It depends on what you mean by GSEA. That term is generally assumed to mean the specific methods developed at the Broad Institute. There are other methods, such as using Fisher's exact test (based on the hypergeometric distribution) and other gene set tests, which include the so-called competitive and self-contained gene set tests.
It also depends on what sort of data you have. You say microarray data, but then you list goseq, which is intended for RNA-Seq data.
There is really no such thing as 'best', for any statistical method. Instead there are the assumptions you are willing to make, and the hypothesis you are trying to test. And how well you understand a method and will be able to explain to others. That last one often trumps the first two.
The 'conventional' test for a KeGG pathway is probably Fisher's exact, where you are deciding (based on some cutoff) which genes are significant, then further apportioning into the genes that are in the set and those that are not in the set. You then test to see if there are more significant genes that are in the pathway than you would expect by chance. I am not sure you can use topGO for that sort of test, but you can for sure use GOstats.

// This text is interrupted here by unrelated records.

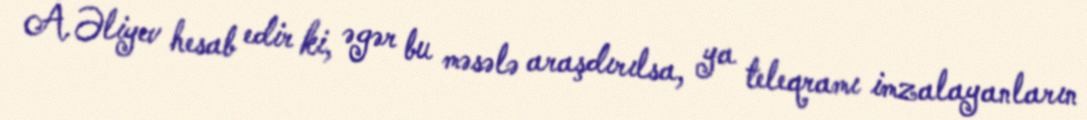
A.Əliyev hesab edir ki, əgər bu məsələ araşdırılsa, ya teleqramı imzalayanların
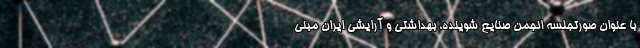
با عنوان صورتجلسه انجمن صنایع شوینده، بهداشتی و آرایشی ایران مبنی
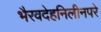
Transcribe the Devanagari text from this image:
भैरवदेहनिलीनपरे
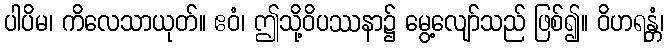
ပါပိမ၊ ကိလေသာယုတ်။ ဧဝံ၊ ဤသို့ဝိပဿနာ၌ မွေ့လျော်သည် ဖြစ်၍။ ဝိဟရန္တံ၊
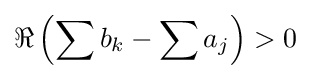
\Re \left(\sum b_{k}-\sum a_{j}\right)>0
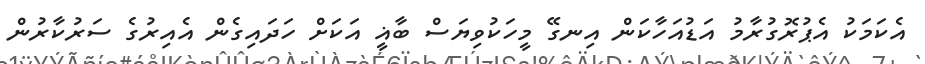
އެކަމަކު އެޕުރޮގުރާމު އަޑުއަހާކަން އިނގޭ މީހަކުވިޔަސް ބާޣީ އަކަށް ހަދައިގެން އެއިރުގެ ސަރުކާރުން
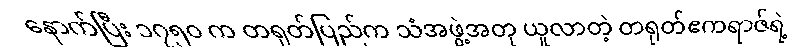
နောက်ပြီး ၁၇၅၀ က တရုတ်ပြည်က သံအဖွဲ့အတု ယူလာတဲ့ တရုတ်ဧကရာဇ်ရဲ့
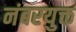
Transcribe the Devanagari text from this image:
नंबरयुक्त
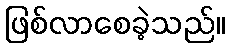
ဖြစ်လာစေခဲ့သည်။
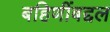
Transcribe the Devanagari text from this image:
बहिणींबद्दल
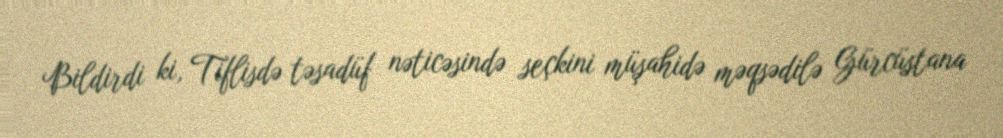
Bildirdi ki, Tiflisdə təsadüf nəticəsində seçkini müşahidə məqsədilə Gürcüstana
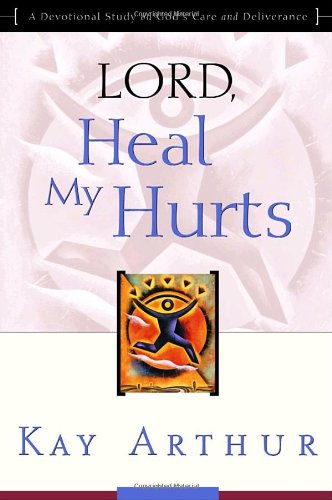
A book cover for Lord, Heal My Hurts: A Devotional Study on God's Care and Deliverance; Kay Arthur; Christian Books & Bibles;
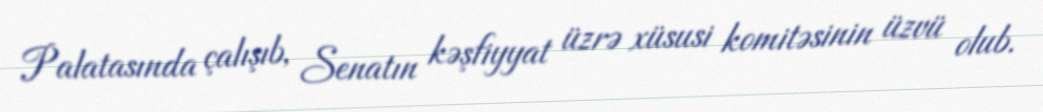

You can argue that using a cutoff is an arbitrary construct that ignores the genes right below the cutoff. If you want to make that argument, then you want to use either GSEA or a gene set test of some sort. I don't know if there is a 'pure' version of GSEA in BioC, but you can use e.g., the GSEAbase and GSEAlm packages to do gene set testing based on linear models and t-statistics. Or you could use the limma package, which has multiple methods (romer, roast, camera, geneSetTest), that do various different gene set tests, with various underlying assumptions.
The biggest difference (IMO) between the Fisher's exact test and the various gene set tests is that the results from a Fisher's exact 'look more real' to the average biologist as compared to the results of a gene set test. In other words, for the Fisher's exact test you have a set of genes that you are saying are significantly differentially expressed, and then just seeing if a gene set has more significant genes than you would expect by chance. So you are starting out with genes that you (and more importantly, your collaborator or PI) consider truly differentially expressed.
For the other gene set tests you are instead either ranking the genes by a statistic and testing if the gene set is higher or lower in the ranking than you would expect by chance (competitive gene set test), or you are testing that at least one gene in the set is significant (self-contained gene set test). In both cases most if not all of the genes may not actually be significantly differentially expressed. That can be a hard sell - it can be difficult to explain to non-statisticians how a set of genes, most of which aren't differentially expressed, can in aggregate be significant.